* **About this task**
Working from the start of the listing, please write out exactly the lines through the one that holds "Təqsirləndirilən şəxs Ceyhuna", both included, and omit all pictures.
——
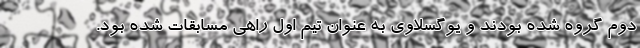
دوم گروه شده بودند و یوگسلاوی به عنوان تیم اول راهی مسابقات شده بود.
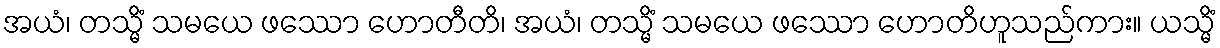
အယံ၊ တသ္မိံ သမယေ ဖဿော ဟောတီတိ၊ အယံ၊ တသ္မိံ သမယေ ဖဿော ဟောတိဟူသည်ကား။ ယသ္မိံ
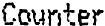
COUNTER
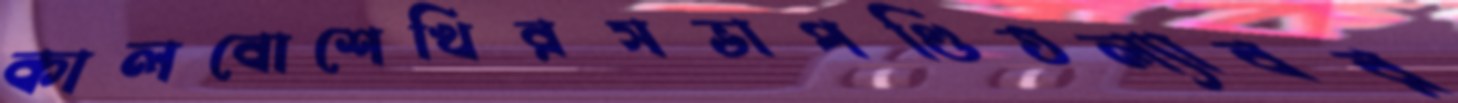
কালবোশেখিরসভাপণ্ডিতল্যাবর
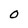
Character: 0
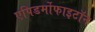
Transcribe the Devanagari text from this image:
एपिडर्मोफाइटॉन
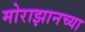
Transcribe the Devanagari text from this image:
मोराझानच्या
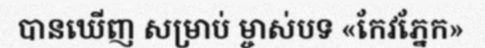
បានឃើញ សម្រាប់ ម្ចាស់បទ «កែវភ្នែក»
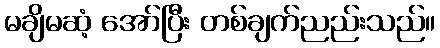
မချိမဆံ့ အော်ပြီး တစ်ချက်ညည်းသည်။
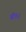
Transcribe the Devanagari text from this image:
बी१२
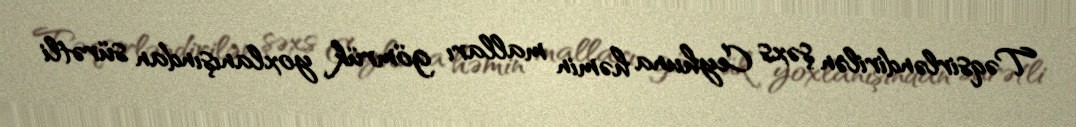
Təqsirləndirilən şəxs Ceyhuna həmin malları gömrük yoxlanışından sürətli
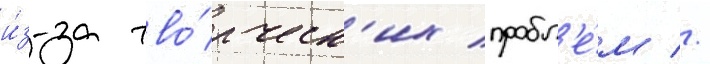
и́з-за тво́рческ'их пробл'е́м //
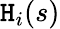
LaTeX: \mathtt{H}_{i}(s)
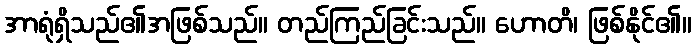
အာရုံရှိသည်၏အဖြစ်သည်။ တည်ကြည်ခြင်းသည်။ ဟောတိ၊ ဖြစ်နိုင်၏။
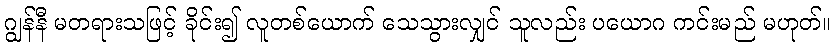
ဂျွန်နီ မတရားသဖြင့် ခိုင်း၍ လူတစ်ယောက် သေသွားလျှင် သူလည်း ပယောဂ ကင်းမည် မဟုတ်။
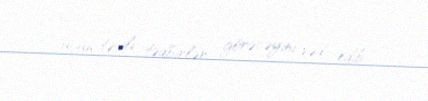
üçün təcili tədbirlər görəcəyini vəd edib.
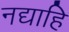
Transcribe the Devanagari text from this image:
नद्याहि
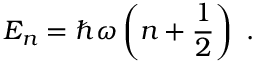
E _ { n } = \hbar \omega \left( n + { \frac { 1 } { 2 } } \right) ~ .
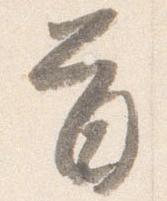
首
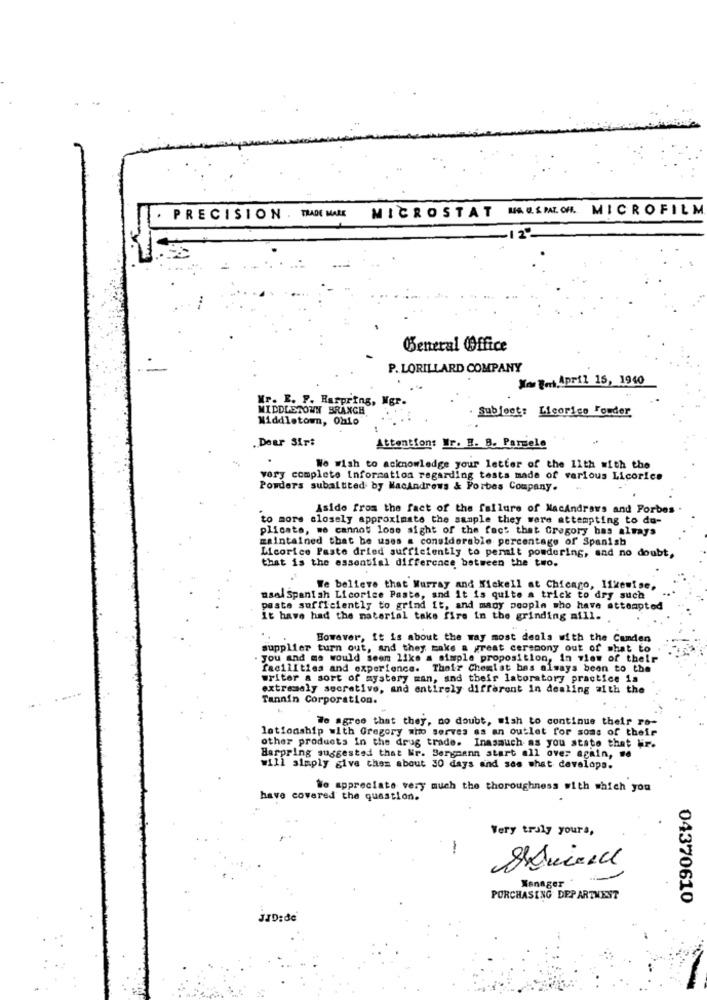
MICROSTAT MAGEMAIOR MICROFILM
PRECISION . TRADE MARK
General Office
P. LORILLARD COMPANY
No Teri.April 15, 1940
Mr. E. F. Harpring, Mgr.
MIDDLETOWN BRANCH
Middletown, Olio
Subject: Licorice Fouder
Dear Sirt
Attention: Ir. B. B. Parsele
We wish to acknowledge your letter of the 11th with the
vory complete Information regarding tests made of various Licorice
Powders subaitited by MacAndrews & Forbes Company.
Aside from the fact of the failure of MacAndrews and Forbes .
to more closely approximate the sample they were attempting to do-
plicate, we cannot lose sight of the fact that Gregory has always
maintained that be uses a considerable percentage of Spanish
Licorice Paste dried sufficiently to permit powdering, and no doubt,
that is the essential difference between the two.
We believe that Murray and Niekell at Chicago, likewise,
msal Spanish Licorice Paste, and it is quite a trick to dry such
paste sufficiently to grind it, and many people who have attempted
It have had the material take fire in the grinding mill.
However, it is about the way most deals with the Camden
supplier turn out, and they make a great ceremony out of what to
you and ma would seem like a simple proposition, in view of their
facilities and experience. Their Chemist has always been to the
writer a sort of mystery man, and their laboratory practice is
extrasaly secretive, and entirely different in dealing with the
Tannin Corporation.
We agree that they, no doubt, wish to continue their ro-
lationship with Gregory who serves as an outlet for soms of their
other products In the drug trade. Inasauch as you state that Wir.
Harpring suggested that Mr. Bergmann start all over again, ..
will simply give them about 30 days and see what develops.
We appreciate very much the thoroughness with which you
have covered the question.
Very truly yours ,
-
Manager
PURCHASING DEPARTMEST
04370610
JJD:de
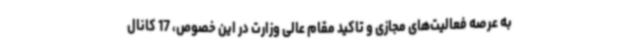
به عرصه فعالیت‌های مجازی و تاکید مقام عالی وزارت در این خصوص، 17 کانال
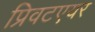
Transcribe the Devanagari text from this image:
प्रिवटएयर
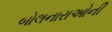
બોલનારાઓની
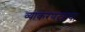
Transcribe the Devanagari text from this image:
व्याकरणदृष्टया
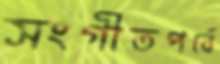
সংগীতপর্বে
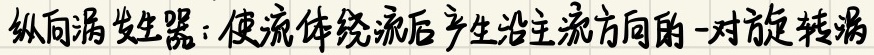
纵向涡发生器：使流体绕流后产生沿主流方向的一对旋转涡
——
* **Answer for the task**
دوم گروه شده بودند و یوگسلاوی به عنوان تیم اول راهی مسابقات شده بود.
အယံ၊ တသ္မိံ သမယေ ဖဿော ဟောတီတိ၊ အယံ၊ တသ္မိံ သမယေ ဖဿော ဟောတိဟူသည်ကား။ ယသ္မိံ
COUNTER
কালবোশেখিরসভাপণ্ডিতল্যাবর
Character: 0
Transcribe the Devanagari text from this image:
एपिडर्मोफाइटॉन
Transcribe the Devanagari text from this image:
मोराझानच्या
បានឃើញ សម្រាប់ ម្ចាស់បទ «កែវភ្នែក»
မချိမဆံ့ အော်ပြီး တစ်ချက်ညည်းသည်။
Transcribe the Devanagari text from this image:
बी१२
Təqsirləndirilən şəxs Ceyhuna həmin malları gömrük yoxlanışından sürətli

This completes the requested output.